92年5月26日、甲子園の大洋戦に、20歳の新星が「7番・三塁」で先発出場した。1―1の2回、シーズン初先発、初打席の初球に来たカーブを左翼スタンドに運び、プロ1号にしたのが新庄剛志だった。

のちに米大リーグのジャイアンツで日本人初のワールドシリーズ出場を果たし、06年には日本ハムを日本一に導いてユニホームを脱いだ男。他の選手が夢見ることを現実にやってのけた新庄は、本格デビュー時から派手だった。5月14日の中日戦(福井)で、オマリーがファウルを打った際に右手首を痛めた。同22日の精密検査で「右手根骨剝離骨折で全治3週間」と診断された。長期離脱は必至となった主砲に代わり、監督の中村勝広はプロ3年目新庄の三塁抜てきを決めた。

新庄は開幕2軍ながら、ウエスタン・リーグ6本塁打で1軍に上がって来た。「ファームで練習していた自分の力を全部出そうと思っていた」という20歳の一撃で、中村の決断は吉と出た。

5月28日、初代ミスター・タイガース藤村富美男氏が亡くなった命日の大洋戦(甲子園)でも、新庄は打った。
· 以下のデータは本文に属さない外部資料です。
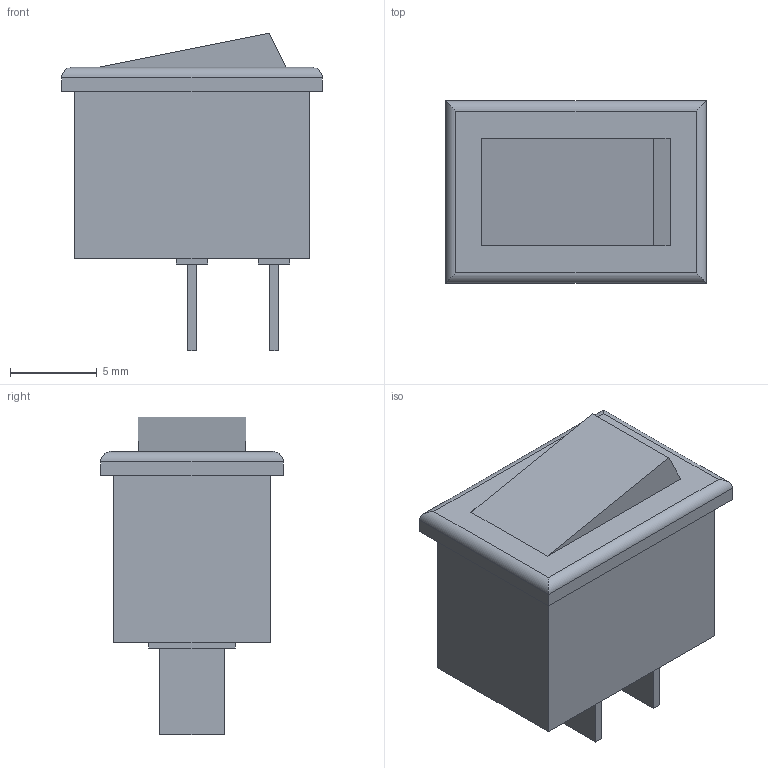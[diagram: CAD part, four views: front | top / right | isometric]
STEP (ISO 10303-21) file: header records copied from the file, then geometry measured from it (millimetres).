
FILE_DESCRIPTION(/* description */ ('STEP AP242','CAx-IF Rec.Pracs.---Representation and Presentation of Product Manufacturing Information (PMI)---4.0---2014-10-13','CAx-IF Rec.Pracs.---3D Tessellated Geometry---0.4---2014-09-14','2;1'),/* implementation_level */ '2;1');
FILE_NAME(/* name */ '687a1eadc510a71642750a71',/* time_stamp */ '2025-07-18T10:15:10Z',/* author */ (''),/* organization */ (''),/* preprocessor_version */ 'ST-DEVELOPER v20',/* originating_system */ 'ONSHAPE BY PTC INC, 1.200',/* authorisation */ ' ');
FILE_SCHEMA (('AP242_MANAGED_MODEL_BASED_3D_ENGINEERING_MIM_LF { 1 0 10303 442 1 1 4 }'));
Length unit declared in the file: metre
Products named in the file (1): Part 1
Bounding box: 15 x 10.5 x 18.28 mm (x, y, z)
Volume: 1473.6 mm3; surface area: 927.6 mm2
Topology: 1 solids, 1 shells, 39 faces, 89 edges, 58 vertices
Faces by surface type: plane 35, cylinder 4
Entity records: 1097 total; most frequent: CARTESIAN_POINT 187, ORIENTED_EDGE 178, DIRECTION 173, EDGE_CURVE 89, LINE 85, VECTOR 85, VERTEX_POINT 58, EDGE_LOOP 45
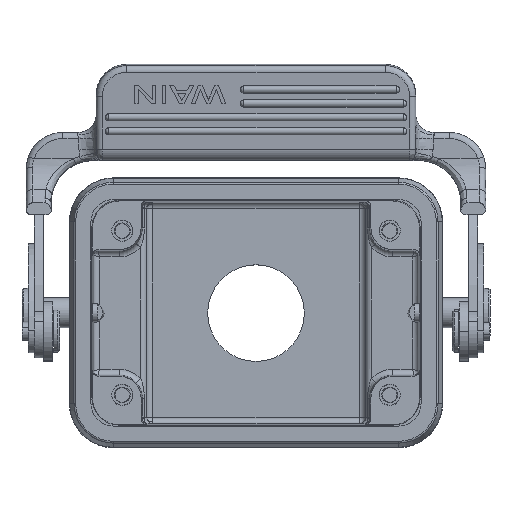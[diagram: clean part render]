
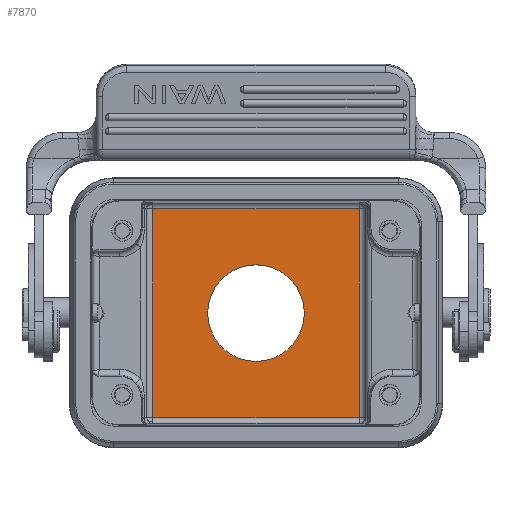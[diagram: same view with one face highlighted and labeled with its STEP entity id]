
A CAD part, top view. The second image highlights one B-rep face of the part: STEP entity #7870.
In plain terms, the highlighted planar face has unit normal (0, 0, 1).
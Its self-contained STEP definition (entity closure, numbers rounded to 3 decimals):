
#1360=DIRECTION('',(1.,0.,0.));
#1361=VECTOR('',#1360,34.);
#1362=CARTESIAN_POINT('',(-17.,-17.186,-37.));
#1363=LINE('',#1362,#1361);
#1368=CARTESIAN_POINT('',(0.,0.,-37.));
#1369=DIRECTION('',(0.,0.,-1.));
#1370=DIRECTION('',(-1.,0.,0.));
#1371=AXIS2_PLACEMENT_3D('',#1368,#1369,#1370);
#1373=CARTESIAN_POINT('',(0.,0.,-37.));
#1374=DIRECTION('',(0.,0.,-1.));
#1375=DIRECTION('',(1.,0.,0.));
#1376=AXIS2_PLACEMENT_3D('',#1373,#1374,#1375);
#1382=DIRECTION('',(0.,-1.,0.));
#1383=VECTOR('',#1382,34.372);
#1384=CARTESIAN_POINT('',(-17.,17.186,-37.));
#1385=LINE('',#1384,#1383);
#2123=DIRECTION('',(0.,1.,0.));
#2124=VECTOR('',#2123,34.372);
#2125=CARTESIAN_POINT('',(17.,-17.186,-37.));
#2126=LINE('',#2125,#2124);
#2155=DIRECTION('',(-1.,0.,0.));
#2156=VECTOR('',#2155,34.);
#2157=CARTESIAN_POINT('',(17.,17.186,-37.));
#2158=LINE('',#2157,#2156);
#5432=CARTESIAN_POINT('',(17.,-17.186,-37.));
#5434=VERTEX_POINT('',#5432);
#5435=CARTESIAN_POINT('',(-17.,-17.186,-37.));
#5436=VERTEX_POINT('',#5435);
#5439=CARTESIAN_POINT('',(-17.,17.186,-37.));
#5440=VERTEX_POINT('',#5439);
#5441=CARTESIAN_POINT('',(17.,17.186,-37.));
#5442=VERTEX_POINT('',#5441);
#6275=CARTESIAN_POINT('',(-7.95,0.,-37.));
#6276=CARTESIAN_POINT('',(7.95,0.,-37.));
#6277=VERTEX_POINT('',#6275);
#6278=VERTEX_POINT('',#6276);
#7850=CARTESIAN_POINT('',(0.,0.,-37.));
#7851=DIRECTION('',(0.,0.,1.));
#7852=DIRECTION('',(0.,1.,0.));
#7853=AXIS2_PLACEMENT_3D('',#7850,#7851,#7852);
#7854=PLANE('',#7853);
#7855=ORIENTED_EDGE('',*,*,#7838,.F.);
#7857=ORIENTED_EDGE('',*,*,#7856,.F.);
#7859=ORIENTED_EDGE('',*,*,#7858,.F.);
#7861=ORIENTED_EDGE('',*,*,#7860,.F.);
#7862=EDGE_LOOP('',(#7855,#7857,#7859,#7861));
#7863=FACE_OUTER_BOUND('',#7862,.F.);
#7865=ORIENTED_EDGE('',*,*,#7864,.F.);
#7867=ORIENTED_EDGE('',*,*,#7866,.F.);
#7868=EDGE_LOOP('',(#7865,#7867));
#7869=FACE_BOUND('',#7868,.F.);
#1372=CIRCLE('',#1371,7.95);
#1377=CIRCLE('',#1376,7.95);
#7838=EDGE_CURVE('',#5436,#5434,#1363,.T.);
#7856=EDGE_CURVE('',#5440,#5436,#1385,.T.);
#7858=EDGE_CURVE('',#5442,#5440,#2158,.T.);
#7860=EDGE_CURVE('',#5434,#5442,#2126,.T.);
#7864=EDGE_CURVE('',#6277,#6278,#1372,.T.);
#7866=EDGE_CURVE('',#6278,#6277,#1377,.T.);
#7870=ADVANCED_FACE('',(#7863,#7869),#7854,.T.);

6回2死満塁で決勝打。翌29日の巨人戦では、桑田真澄のストレートを甲子園のバックスクリーンに打ち込んだ。これでもかこれでもかと結果を出す新庄に、中村も「ほめ言葉すらないほど素晴らしい」と絶賛を惜しまなかった。

新庄だけでなく、若虎の台頭があった。4月4日の開幕ヤクルト戦(神宮)から新人の久慈照嘉を遊撃に、5年目の山田勝彦を正捕手に抜てき。さらに4月8日の巨人戦(東京ドーム)では、プロ5年目の亀山努を「2番・中堅」で起用した。

亀山はすぐに結果を出した。一塁への猛烈なスライディングで2本の内野安打を稼ぎ、シーズン初のG倒に貢献。翌9日の同戦も2盗塁2得点で巨人に連勝した。俊足に加え、果敢なヘッドスライディング。1つでも先の塁を目指し、1つでも多くの打球をアウトにしようとするプレーは阪神ファンをとりこにした。同25日の中日戦(ナゴヤ)で、中村は打率1割台の不振にあえいでいた岡田彰布に代え、好機で亀山を代打に送った。タイガースの顔だった岡田への代打は、長年の低迷を経て生まれ変わろうとしているチームに〝聖域〟はないことを示した。

今は阪神1軍でバッテリーコーチを務める山田は、23年前を振り返る。

山田 みんな無我夢中。若くて、怖いもの知らずで、毎日の試合に必死でした。熱さがありました。さらに捕手のぼくとしては、八木さん、亀山、新庄がそろった外野陣は本当に頼もしかった。たいがいの打球なら捕ってくれる、処理してくれる安心感がありました。

中村 亀山、新庄、久慈らタイガースの財産になる若手が出てきてくれた。優勝争いができたことで、監督としても自信にもなった。